= Beginning of Section =
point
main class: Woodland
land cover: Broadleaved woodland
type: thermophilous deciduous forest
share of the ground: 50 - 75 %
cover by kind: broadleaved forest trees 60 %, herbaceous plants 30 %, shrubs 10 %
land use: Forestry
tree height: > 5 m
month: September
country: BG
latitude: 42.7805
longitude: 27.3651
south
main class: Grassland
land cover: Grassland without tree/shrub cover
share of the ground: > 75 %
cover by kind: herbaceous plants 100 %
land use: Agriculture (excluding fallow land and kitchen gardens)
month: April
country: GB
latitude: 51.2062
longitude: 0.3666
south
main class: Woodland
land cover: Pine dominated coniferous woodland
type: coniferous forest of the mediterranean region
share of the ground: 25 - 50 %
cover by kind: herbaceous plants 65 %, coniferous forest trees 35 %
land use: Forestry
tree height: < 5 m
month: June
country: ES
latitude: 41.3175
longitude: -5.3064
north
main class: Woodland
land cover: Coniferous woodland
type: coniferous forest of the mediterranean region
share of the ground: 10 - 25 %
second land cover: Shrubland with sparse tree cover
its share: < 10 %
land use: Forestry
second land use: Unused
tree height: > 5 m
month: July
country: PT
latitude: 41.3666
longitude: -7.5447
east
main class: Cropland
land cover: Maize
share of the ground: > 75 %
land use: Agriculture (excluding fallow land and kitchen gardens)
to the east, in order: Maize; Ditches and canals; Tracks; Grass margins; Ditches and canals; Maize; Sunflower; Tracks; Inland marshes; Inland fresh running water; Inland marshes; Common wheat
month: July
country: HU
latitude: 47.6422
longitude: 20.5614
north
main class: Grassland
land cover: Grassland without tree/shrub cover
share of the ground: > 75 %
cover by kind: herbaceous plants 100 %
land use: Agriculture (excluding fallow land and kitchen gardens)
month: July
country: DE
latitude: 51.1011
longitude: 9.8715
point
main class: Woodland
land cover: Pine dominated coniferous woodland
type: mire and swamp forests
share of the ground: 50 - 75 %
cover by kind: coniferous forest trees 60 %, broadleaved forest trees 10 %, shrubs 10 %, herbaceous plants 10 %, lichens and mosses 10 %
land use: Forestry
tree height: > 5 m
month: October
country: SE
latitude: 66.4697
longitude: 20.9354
= End of Section =
**Description of the task:** What is needed is an exact transcription of every entry above.

**Solution to this exercise:**
point
main class: Woodland
land cover: Broadleaved woodland
type: thermophilous deciduous forest
share of the ground: 50 - 75 %
cover by kind: broadleaved forest trees 60 %, herbaceous plants 30 %, shrubs 10 %
land use: Forestry
tree height: > 5 m
month: September
country: BG
latitude: 42.7805
longitude: 27.3651
south
main class: Grassland
land cover: Grassland without tree/shrub cover
share of the ground: > 75 %
cover by kind: herbaceous plants 100 %
land use: Agriculture (excluding fallow land and kitchen gardens)
month: April
country: GB
latitude: 51.2062
longitude: 0.3666
south
main class: Woodland
land cover: Pine dominated coniferous woodland
type: coniferous forest of the mediterranean region
share of the ground: 25 - 50 %
cover by kind: herbaceous plants 65 %, coniferous forest trees 35 %
land use: Forestry
tree height: < 5 m
month: June
country: ES
latitude: 41.3175
longitude: -5.3064
north
main class: Woodland
land cover: Coniferous woodland
type: coniferous forest of the mediterranean region
share of the ground: 10 - 25 %
second land cover: Shrubland with sparse tree cover
its share: < 10 %
land use: Forestry
second land use: Unused
tree height: > 5 m
month: July
country: PT
latitude: 41.3666
longitude: -7.5447
east
main class: Cropland
land cover: Maize
share of the ground: > 75 %
land use: Agriculture (excluding fallow land and kitchen gardens)
to the east, in order: Maize; Ditches and canals; Tracks; Grass margins; Ditches and canals; Maize; Sunflower; Tracks; Inland marshes; Inland fresh running water; Inland marshes; Common wheat
month: July
country: HU
latitude: 47.6422
longitude: 20.5614
north
main class: Grassland
land cover: Grassland without tree/shrub cover
share of the ground: > 75 %
cover by kind: herbaceous plants 100 %
land use: Agriculture (excluding fallow land and kitchen gardens)
month: July
country: DE
latitude: 51.1011
longitude: 9.8715
point
main class: Woodland
land cover: Pine dominated coniferous woodland
type: mire and swamp forests
share of the ground: 50 - 75 %
cover by kind: coniferous forest trees 60 %, broadleaved forest trees 10 %, shrubs 10 %, herbaceous plants 10 %, lichens and mosses 10 %
land use: Forestry
tree height: > 5 m
month: October
country: SE
latitude: 66.4697
longitude: 20.9354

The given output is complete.